---------- Dataset content

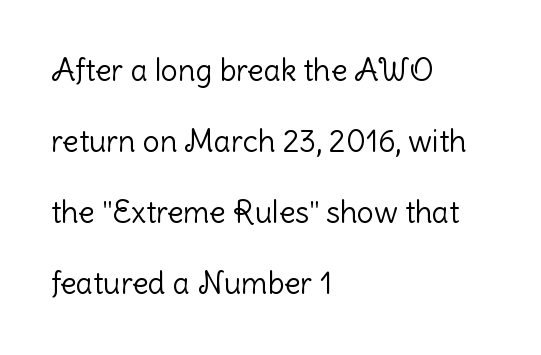
Q: Is the text bold? A: No.
Q: Is the text italic (slanted)? A: No, it is upright.
Q: Is the typeface a serif or a sans-serif typeface? A: Sans-serif.
Q: Is the text underlined? A: No.
Q: How is the paragraph aligned? A: Left-aligned.
Q: Is the spacing between letters normal or unusually wide? A: Normal.
Q: Is the spacing between lines tight, normal or loose? A: Loose.
Q: Width (condensed, normal, or wide)? A: Normal.
Q: Stroke contrast? A: Low.
Q: x-height? A: Medium.
Q: Monospaced? A: No.
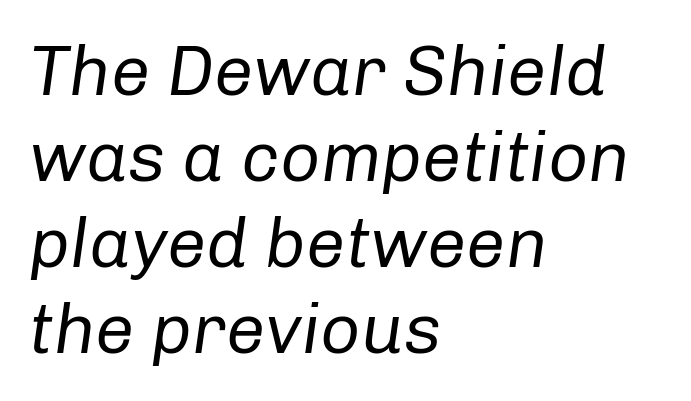
{"italic": "yes", "lean": "right", "slant_degrees": 8, "bold": "no", "weight": "regular", "width": "normal", "stroke_contrast": "low", "x_height": "medium", "monospaced": "no", "underline": "no", "align": "left", "line_spacing_ratio": 1.23, "letter_spacing": "normal", "letter_spacing_em": 0.0, "glyph_px": 70}
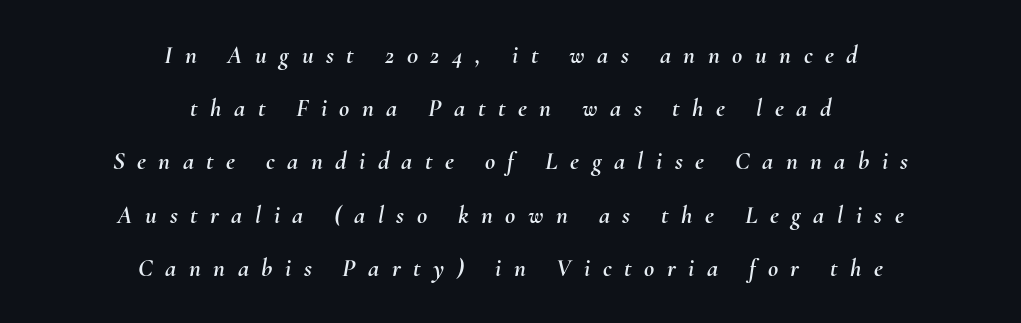
{"italic": "yes", "lean": "right", "slant_degrees": 10, "underline": "no", "align": "center", "line_spacing": "loose", "line_spacing_ratio": 2.13, "letter_spacing": "wide", "letter_spacing_em": 0.5, "glyph_px": 25}
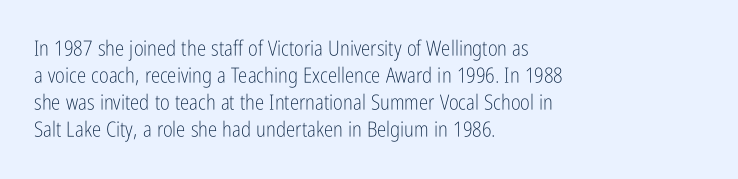
The image shows 21 px text type, upright; set left-aligned, normal line spacing (1.28x), normal letter spacing, not underlined.
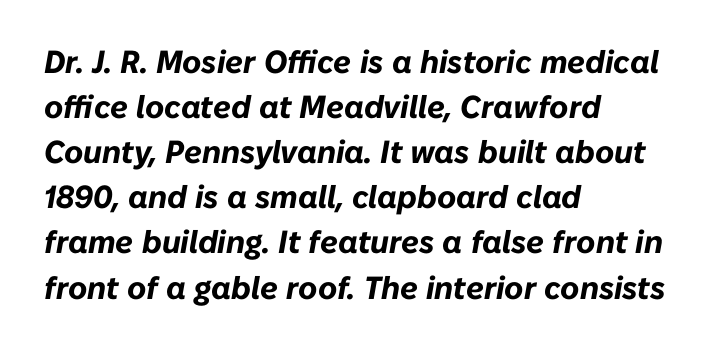
{"italic": "yes", "lean": "right", "slant_degrees": 10, "bold": "yes", "weight": "bold", "width": "normal", "stroke_contrast": "low", "x_height": "medium", "monospaced": "no", "underline": "no", "align": "left", "line_spacing": "normal", "line_spacing_ratio": 1.41, "letter_spacing": "normal", "letter_spacing_em": 0.0, "glyph_px": 32}
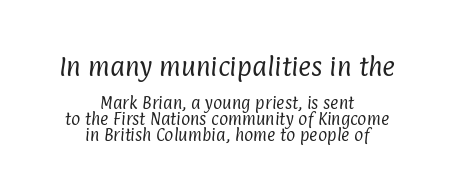
The lines in this sample share a center point and differ in where they start and stop. Leading is clearly below the norm, producing a dense column. Students, note that the glyphs here touch the page at normal intervals. On a weight scale, this lands at 450 or below. Between these two stacked blocks, the higher one wins on size. The area under the type is left untouched.
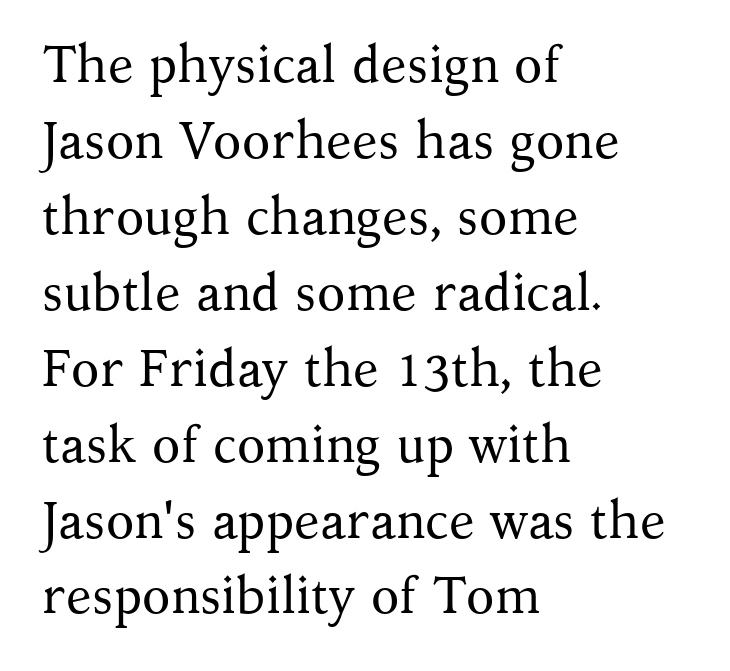
Q: Is the text bold? A: No.
Q: Is the text italic (slanted)? A: No, it is upright.
Q: Is the typeface a serif or a sans-serif typeface? A: Serif.
Q: Is the text underlined? A: No.
Q: How is the paragraph aligned? A: Left-aligned.
Q: Is the spacing between letters normal or unusually wide? A: Normal.
Q: Is the spacing between lines tight, normal or loose? A: Normal.
Q: Width (condensed, normal, or wide)? A: Normal.
Q: Stroke contrast? A: Medium.
Q: x-height? A: Medium.
Q: Monospaced? A: No.
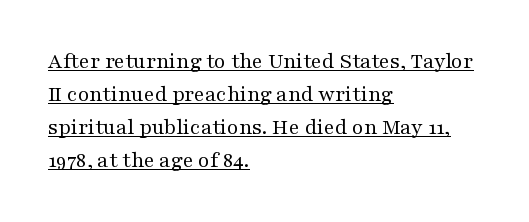
The image shows 22 px text type, upright; set left-aligned, normal line spacing (1.5x), normal letter spacing, underlined.
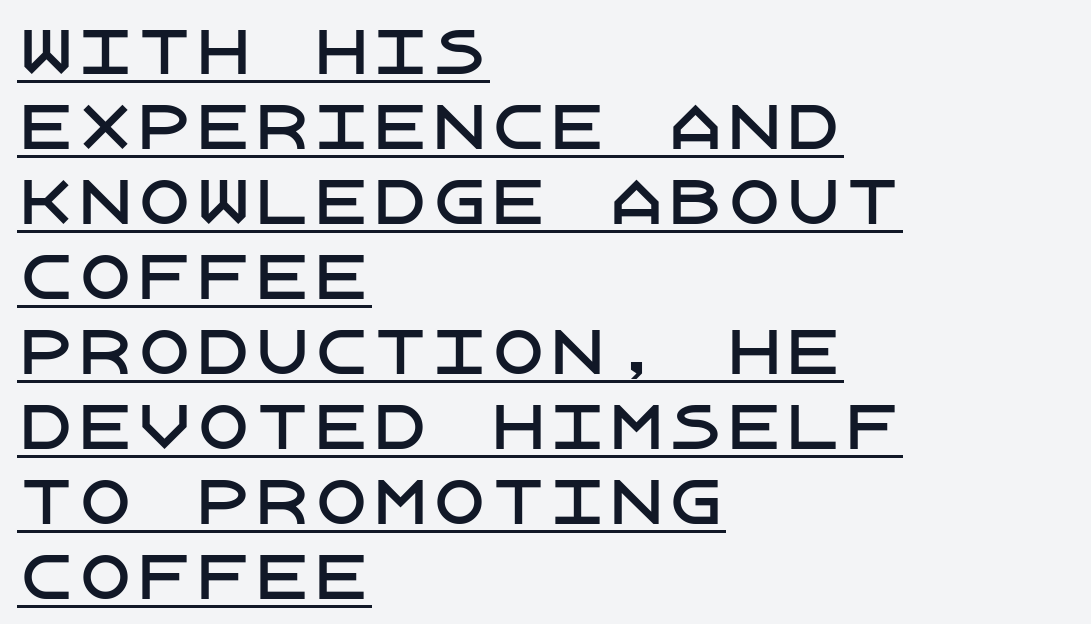
The typeface chosen for these lines omits serifs. Characters follow at the spacing the type designer built in. These lines sit exactly where default settings would place them. One-word summary of the alignment: left. Ordinary non-slanted type is in use. Looks like someone drew a line under every word here.
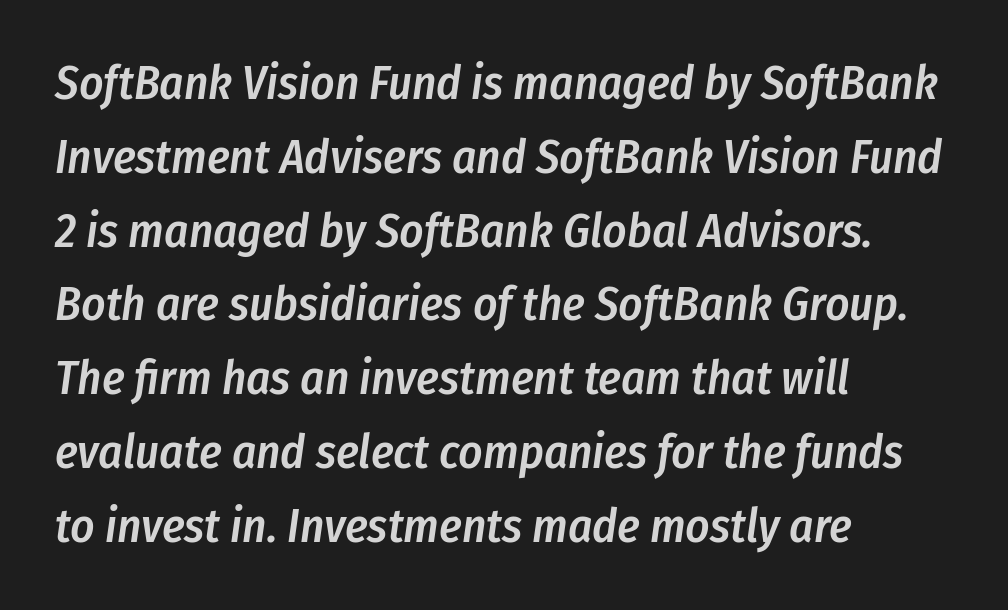
Q: Is the text bold? A: Semi-bold.
Q: Is the text italic (slanted)? A: Yes, it leans right by about 8 degrees.
Q: Is the text underlined? A: No.
Q: How is the paragraph aligned? A: Left-aligned.
Q: Is the spacing between letters normal or unusually wide? A: Normal.
Q: Is the spacing between lines tight, normal or loose? A: Normal.
Q: Width (condensed, normal, or wide)? A: Condensed.
Q: Stroke contrast? A: Low.
Q: x-height? A: Medium.
Q: Monospaced? A: No.
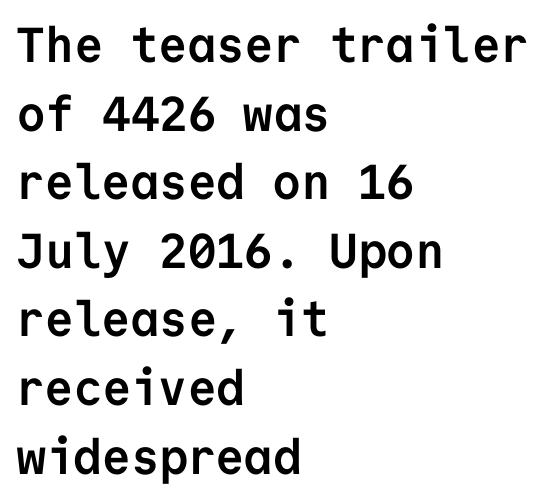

--------------------

Filter the lines above, keeping and copying those that contain "shows".

(Answer to the exercise)
The image shows 21 px text type, upright; set left-aligned, normal line spacing (1.28x), normal letter spacing, not underlined.
The image shows 22 px text type, upright; set left-aligned, normal line spacing (1.5x), normal letter spacing, underlined.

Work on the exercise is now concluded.